- **WORK TO COMPLETE**
All entries below must be output word for word, and the pictures left behind.

- **SOURCE RECORDS**
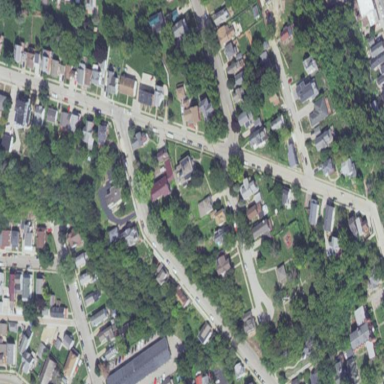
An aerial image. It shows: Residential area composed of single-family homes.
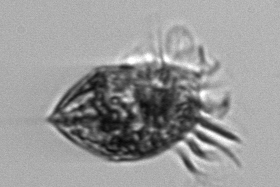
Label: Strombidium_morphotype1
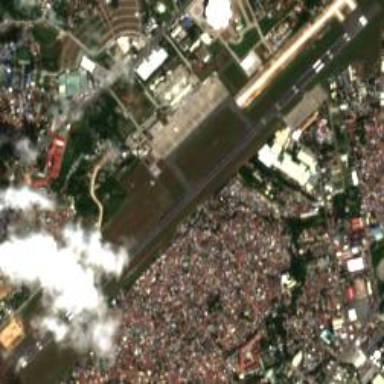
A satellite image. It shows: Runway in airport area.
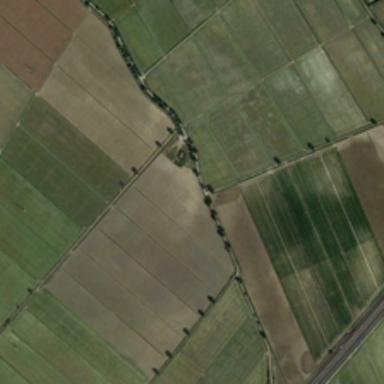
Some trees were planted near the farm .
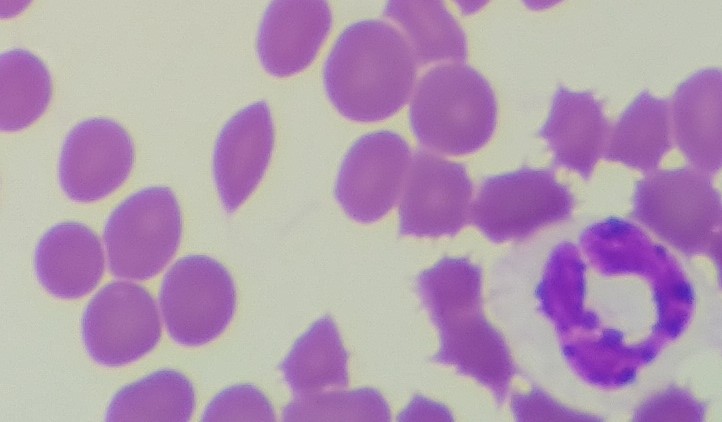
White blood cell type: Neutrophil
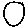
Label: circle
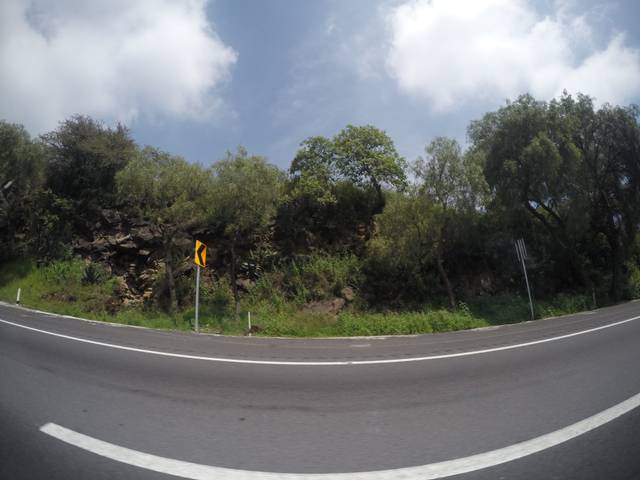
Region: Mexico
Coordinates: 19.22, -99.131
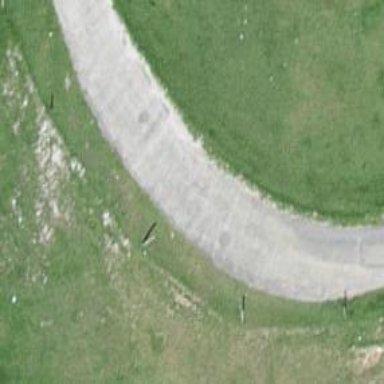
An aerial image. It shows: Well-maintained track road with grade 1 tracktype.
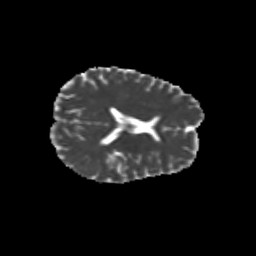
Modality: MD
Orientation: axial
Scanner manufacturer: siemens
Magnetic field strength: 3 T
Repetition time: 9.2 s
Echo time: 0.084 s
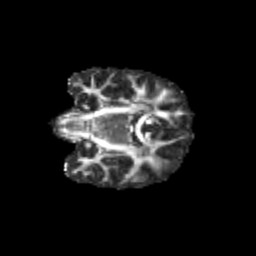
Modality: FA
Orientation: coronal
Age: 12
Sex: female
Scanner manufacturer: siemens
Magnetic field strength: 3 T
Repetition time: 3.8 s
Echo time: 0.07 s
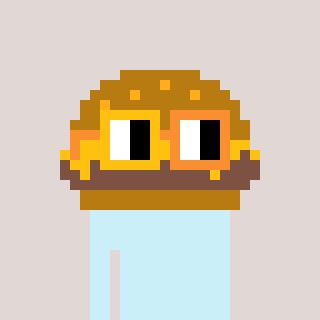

- **EXPECTED ANSWER**
An aerial image. It shows: Residential area composed of single-family homes.
Label: Strombidium_morphotype1
A satellite image. It shows: Runway in airport area.
Some trees were planted near the farm .
White blood cell type: Neutrophil
Label: circle
Region: Mexico
Coordinates: 19.22, -99.131
An aerial image. It shows: Well-maintained track road with grade 1 tracktype.
Modality: MD
Orientation: axial
Scanner manufacturer: siemens
Magnetic field strength: 3 T
Repetition time: 9.2 s
Echo time: 0.084 s
Modality: FA
Orientation: coronal
Age: 12
Sex: female
Scanner manufacturer: siemens
Magnetic field strength: 3 T
Repetition time: 3.8 s
Echo time: 0.07 s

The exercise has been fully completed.